## [Try it]
Whenever a line of the data below holds the string "STEP", copy that line.

## [Dataset content]
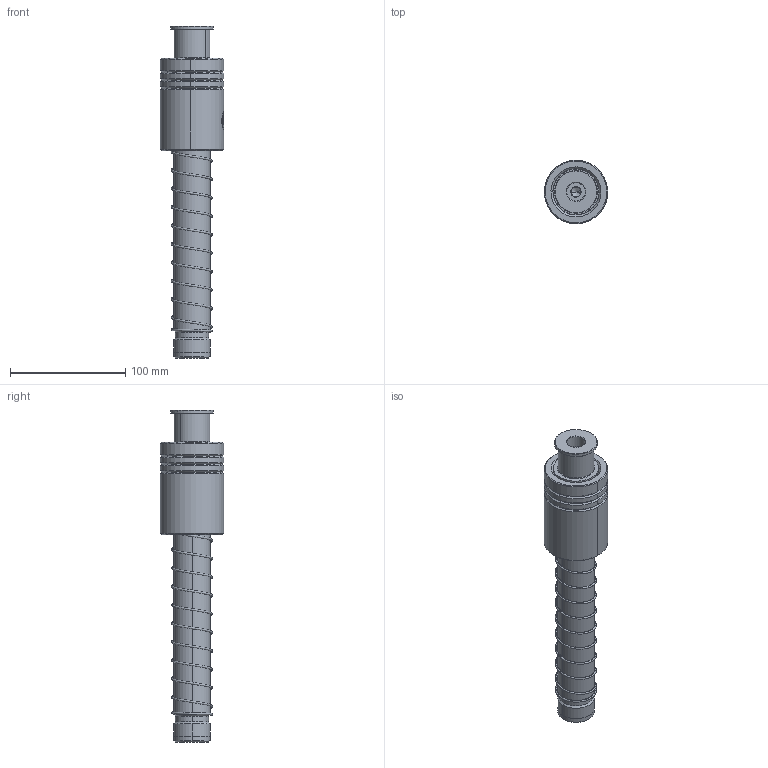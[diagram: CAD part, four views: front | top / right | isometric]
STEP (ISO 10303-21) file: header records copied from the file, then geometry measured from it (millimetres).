
FILE_DESCRIPTION (( 'STEP AP214' ), '1' );
FILE_NAME ('EKS EKJ-D32-L260(BL-80).STEP', '2021-09-26T07:26:39', ( '' ), ( '' ), 'SwSTEP 2.0', 'SolidWorks 2016', '' );
FILE_SCHEMA (( 'AUTOMOTIVE_DESIGN' ));
Length unit declared in the file: millimetre
Products named in the file (191): BALL-D4; MGK-D32-L260; GTK-D37-d31; EKS EKJ-D32-L260(BL-80); BJ-D39.5-32.5-L75; HWP-D35.7-d32.5-L160; BJ BS-39.5-32.5-L75郪蚾; TBB-D55-d40-L80
Assembly tree (185 placements, depth 3):
  BALL-D4
  BALL-D4
  MGK-D32-L260
  BALL-D4
  BALL-D4
Bounding box: 54.98 x 54.95 x 288 mm (x, y, z)
Volume: 343919.1 mm3; surface area: 100808.7 mm2
Topology: 181 solids, 181 shells, 837 faces, 3491 edges, 2311 vertices
Faces by surface type: sphere 704, cone 42, cylinder 38, plane 21, torus 18, bspline 14
Entity records: 42128 total; most frequent: CARTESIAN_POINT 22653, ORIENTED_EDGE 2744, DIRECTION 2430, EDGE_CURVE 1372, AXIS2_PLACEMENT_3D 1164, VERTEX_POINT 891, EDGE_LOOP 839, B_SPLINE_CURVE_WITH_KNOTS 773

## [Answer to this problem]
STEP (ISO 10303-21) file: header records copied from the file, then geometry measured from it (millimetres).
FILE_DESCRIPTION (( 'STEP AP214' ), '1' );
FILE_NAME ('EKS EKJ-D32-L260(BL-80).STEP', '2021-09-26T07:26:39', ( '' ), ( '' ), 'SwSTEP 2.0', 'SolidWorks 2016', '' );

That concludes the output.